Dec 13th 2012 7:37PM I agree. Some people just aren't happy unless they find something they can complain about. You can't see it from the street and the man with the rink has already applied for a permit to put up a fence.
Sep 29th 2012 11:11PM Who told them to buy a house next to a freeway? This was their free choice. If you buy a house next to a freeway, you know you'll be contending with traffic noise, possible construction in the future or even having your home taken by eminent domain. Acceptable noise levels are set by the state and they were accommodated during construction, however, the current noise levels are within the acceptable range and don't require a noise wall. It isn't the state's fault that they have an autistic child who's noise sensitive and chose to buy by a freeway.
They want the government to buy their house but unless their land is needed, the government isn't going to buy it. They're underwater on their mortgage and believe the location now makes it unsellable.
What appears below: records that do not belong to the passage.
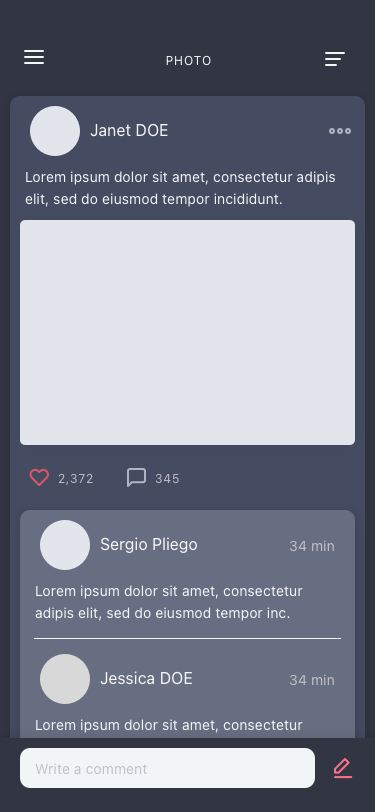
Text in this UI design:
Lorem ipsum dolor sit amet, consectetur adipis elit, sed do eiusmod tempor inc.
34 min
Jessica DOE
Lorem ipsum dolor sit amet, consectetur adipis elit, sed do eiusmod tempor inc.
34 min
Sergio Pliego
Write a comment
345
2,372
Lorem ipsum dolor sit amet, consectetur adipis elit, sed do eiusmod tempor incididunt.
Janet DOE
PHOTO

Not many would have been in the market to buy their property anyway, even before the new construction. The govenment wouldn't be paying them what they paid for it anyway. They'd still owe the bank. They'd only receive fair market value. The only reason that they're getting public sympathy is because they have an autistic child.
Anyone else, who bought next to an expressway and claimed the noise was louder after new construction, would just be told "Tough luck", no one told you to buy there and you should have anticipated problems could arise when you did. No different than the house next door being sold to obnoxious neighbors. You deal with it or move.
Aug 26th 2012 1:51PM The main reason for the facekini is probably to maintain a higher social status. They don't want anyone to think they're rural peasants who've been working in the fields.
Aug 15th 2012 9:37PM Humble abode? Nothing humble about a NYC apartment. Small and pricey is typical for digs in NYC.
Jun 19th 2012 7:30PM So true about the variations in Mexican food. I've eaten all around the country and in the Mexican interior. Mexican interior food was so good--- Real beef burritos, not hamburger, just dripping with the tastiest au jus, the best tasting pollo asado I've ever had--- cooked and bought in the outside marketplace, and giant cast iron pots filled with oil that strips of meat were thrown into to make the best chicharonnes. Outside of the SW, Mexican food is mediocre at best and a version of Tex-Mex. California Mexican is pretty pathetic. Tex-Mex tends to be a heavier cusine and uses red chile sauce. Since I moved to New Mexico, I've been in heaven. Green chiles rule but we do have the red sauce too. A common question when you place your order is, Red or Green? Although, some people like Christmas which is both. New Mexican tends to be lighter than Tex-Mex. Another thing we have out here are Indian tacos, which are made of delicious Native American fry bread wrapped around traditional taco fillings. My son when stationed at the Navy Submarine base in Connecticut was having withdrawal symptoms. The only "Mexican" restaraunt within miles was a Taco Bell, where no lover of Mexican food would ever step foot. I helped him survive by sending lots of salsa from his favorite home eatery. When he came home on leave, he was like an addict who hadn't had a fix. He was insisted on going out to get New Mexican every night. You couldn't get him to go to any other kind of restaurant because it would be a long time before he got the good stuff again. lol
Jun 7th 2012 5:26PM One of the realities of California real estate is that in prime locations, such as beachfront properties, people aren't purchasing the home that exists there but the land. There is nothing uncommon about tearing down a smaller, older existing structure to build one that suits your family's needs in a prime location. That's all that Romney is doing and he can build anything the current building code allows.